Floating-Point types

Go has two primitive types for floating-point numbers (decimal numbers). They are float32 and float64 which are 32 bits and 64 bits in size respectively. The default type for a floating-point number, if one is not specified, is float64:

f1 := 3.14
fmt.Printf("Value: %g, Type: %T\n", f1, f1) // Value: 3.14, Type: float64

var f2 float32 = -0.45
fmt.Printf("Value: %g, Type: %T\n", f2, f2) // Value: -0.45, Type: float32

The float64 type should be preferred in most cases because it has much better precision that float32.

Booleans

Like most languages, there are two Boolean types in Go: true and false. A Boolean type may be annotated using bool where necessary.

t := true
var f bool = false
fmt.Println(t, f) // true false

Boolean values are also generated when using comparison operators such as ==, >, <, >=, !=, &&, || e.t.c.

b1 := true && false
b2 := 10 > 20
b3 := "Hello" == "Hello"
fmt.Println(b1, b2, b3) // false false true

Numeric operations

All the basic numeric operations such as addition, subtraction, multiplication, division, e.t.c. are fully supported in Go and they work on all number types:

r1 := 1 + 2
r2 := 5.4 - 1.2
r3 := 6 / 2
r4 := -0.45 * 2.34
fmt.Println(r1, r2, r3, r4) // 3 4.2 3 -1.053

We also have increment (++) and decrement () operators, bitwise operators ( &, |, ^, <<, >>), assignment operators (+=, -=, *=, /=, e.t.c.) and more.

a := 5
b := 5
a++ // 6
b-- // 4

c := 4 ^ 5 // 1
var d int
d += c // 1

Type conversion

Unlike some other languages, Go does not allow implicit type conversion when performing operations on values with different types:

a := 1
b := 1.5
r := a + b // invalid operation: a + b (mismatched types int and float64)

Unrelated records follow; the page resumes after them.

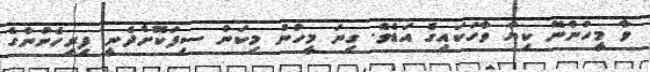
ވާ މީހުންނޭ ކިޔާ ވާހަކައިގެ އަޑެވެ. ގިނަ މީހުން މިކަން ސިފަކޮށްދެނީ ފިރިހެނުންގެ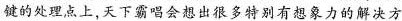
键的处理点上.天下霸唱会想出很多特别有想象力的解决方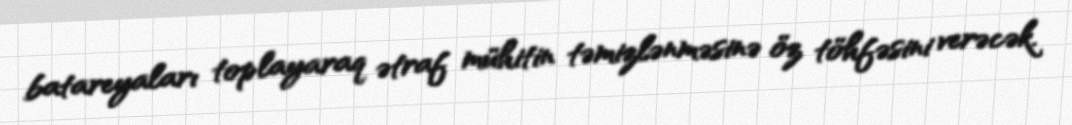
batareyaları toplayaraq ətraf mühitin təmizlənməsinə öz töhfəsini verəcək.

The solution is to convert between the two number types using the T(v) syntax:

a := 1
b := 1.5
r := float64(a) + b // 2.5

Conclusion

In this article, we discussed the important data types that you’ll mostly be working with in Go, how to perform some operations and basic type conversions that you need to be aware of. We didn’t cover composite types (arrays, slices, structs) and user defined types here, but we will do so in subsequent articles in this series.

Thanks for reading, and happy coding!